→ Your goal
Your answer must match the records word for word and contain no pictures.

→ Data provided
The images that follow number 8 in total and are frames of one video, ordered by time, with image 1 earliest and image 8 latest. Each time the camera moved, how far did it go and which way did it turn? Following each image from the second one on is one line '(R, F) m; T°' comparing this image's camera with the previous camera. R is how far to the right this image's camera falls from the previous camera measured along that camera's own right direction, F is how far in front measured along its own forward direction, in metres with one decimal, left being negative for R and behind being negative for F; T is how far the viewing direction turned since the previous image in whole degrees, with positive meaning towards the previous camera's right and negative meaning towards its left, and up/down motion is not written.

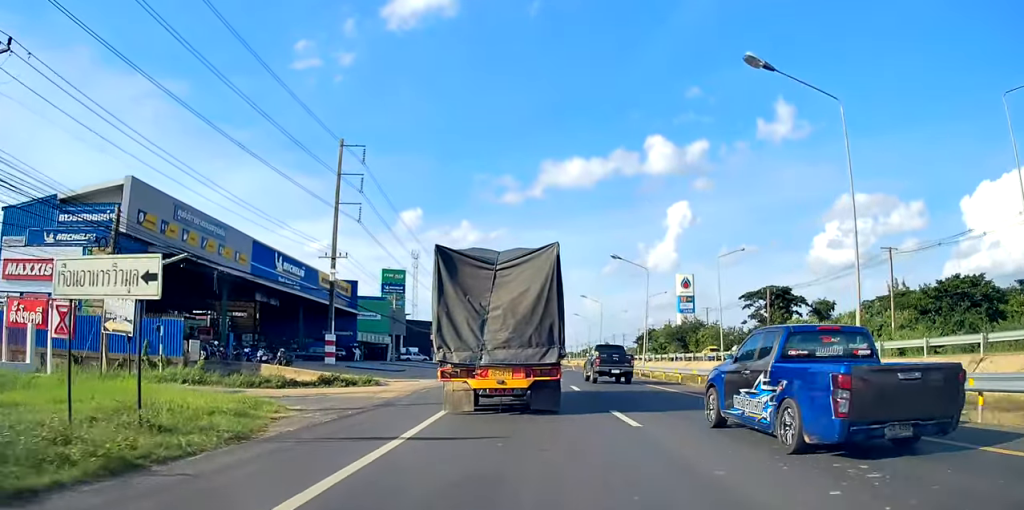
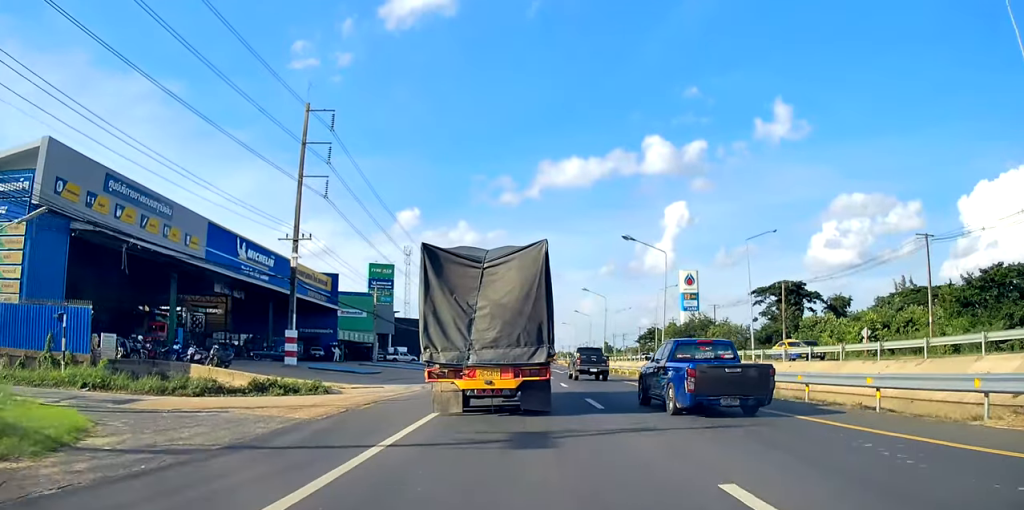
(0.0, +7.7) m; 0°
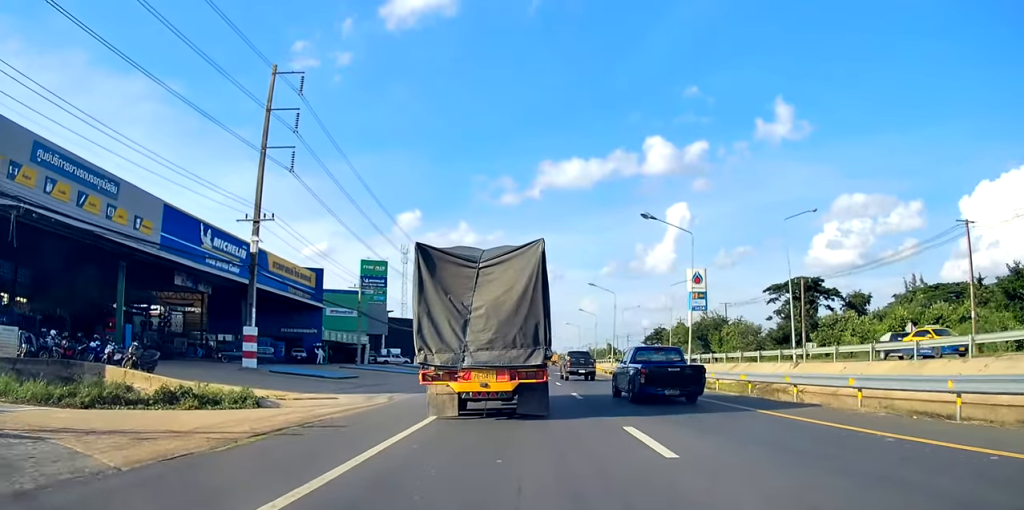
(0.0, +7.1) m; 0°
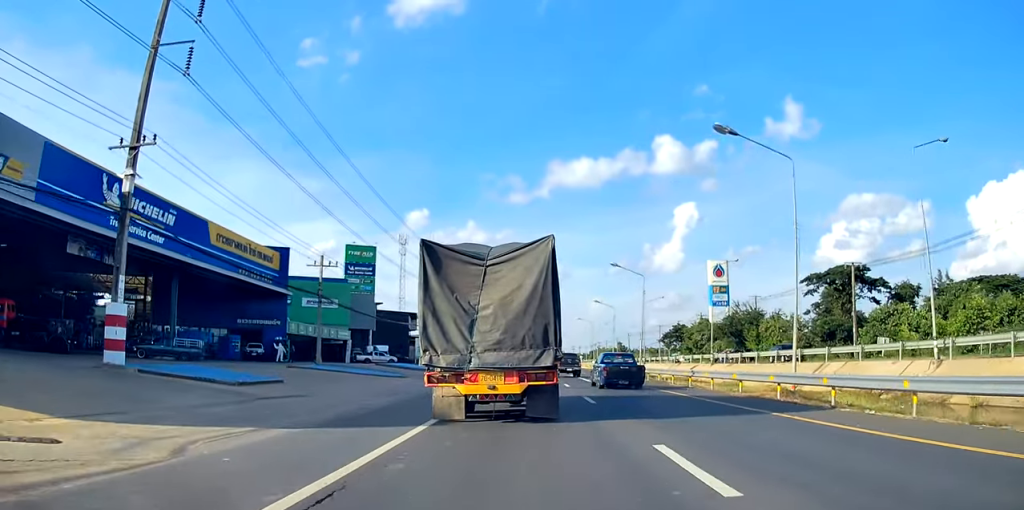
(0.0, +14.8) m; 0°
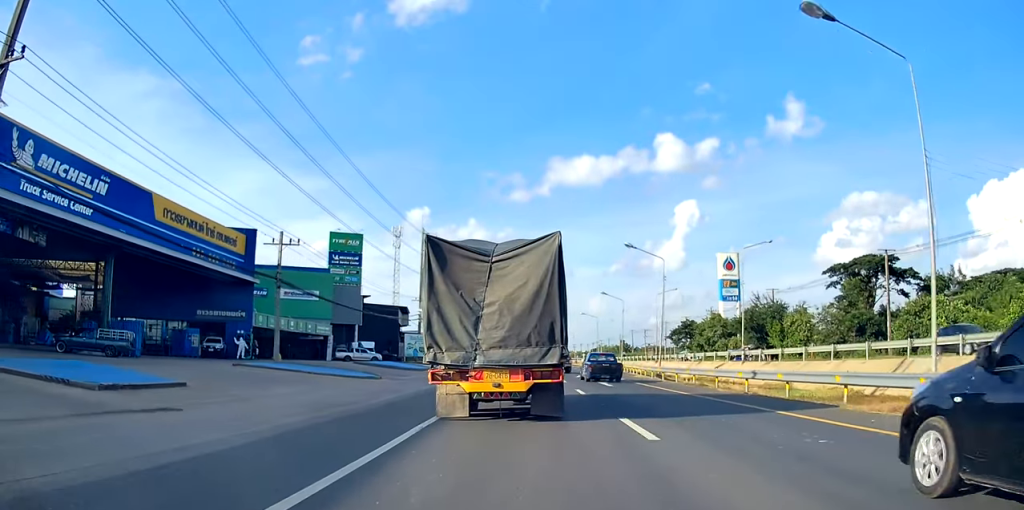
(0.0, +8.9) m; 0°
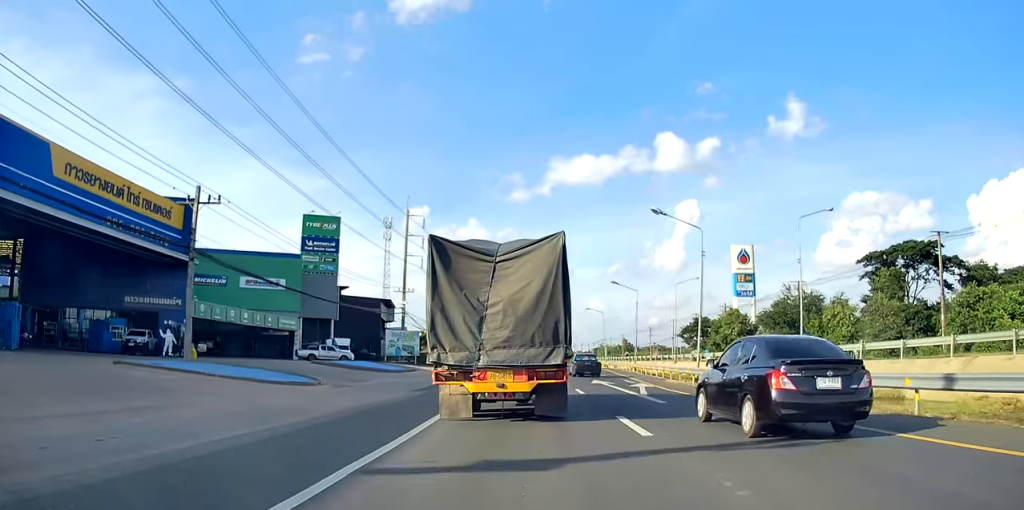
(0.0, +11.1) m; 0°
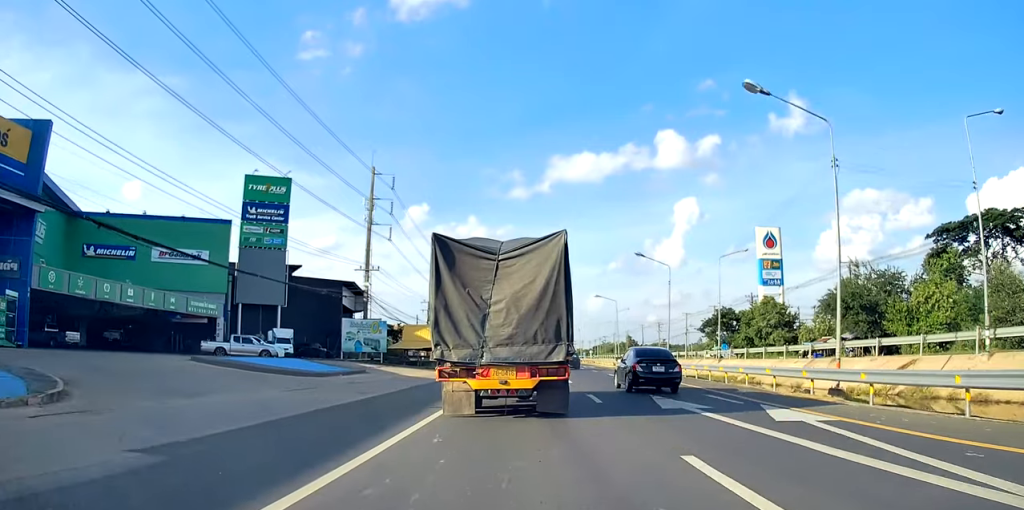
(+0.1, +18.0) m; +1°
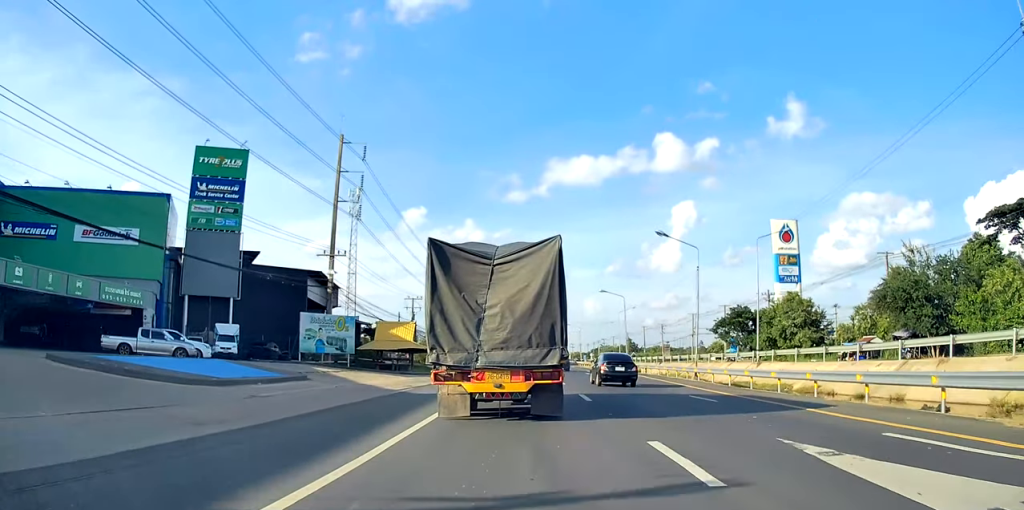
(0.0, +10.4) m; 0°

→ Task output
The images that follow number 8 in total and are frames of one video, ordered by time, with image 1 earliest and image 8 latest. Each time the camera moved, how far did it go and which way did it turn? Following each image from the second one on is one line '(R, F) m; T°' comparing this image's camera with the previous camera. R is how far to the right this image's camera falls from the previous camera measured along that camera's own right direction, F is how far in front measured along its own forward direction, in metres with one decimal, left being negative for R and behind being negative for F; T is how far the viewing direction turned since the previous image in whole degrees, with positive meaning towards the previous camera's right and negative meaning towards its left, and up/down motion is not written.

(0.0, +7.7) m; 0°
(0.0, +7.1) m; 0°
(0.0, +14.8) m; 0°
(0.0, +8.9) m; 0°
(0.0, +11.1) m; 0°
(+0.1, +18.0) m; +1°
(0.0, +10.4) m; 0°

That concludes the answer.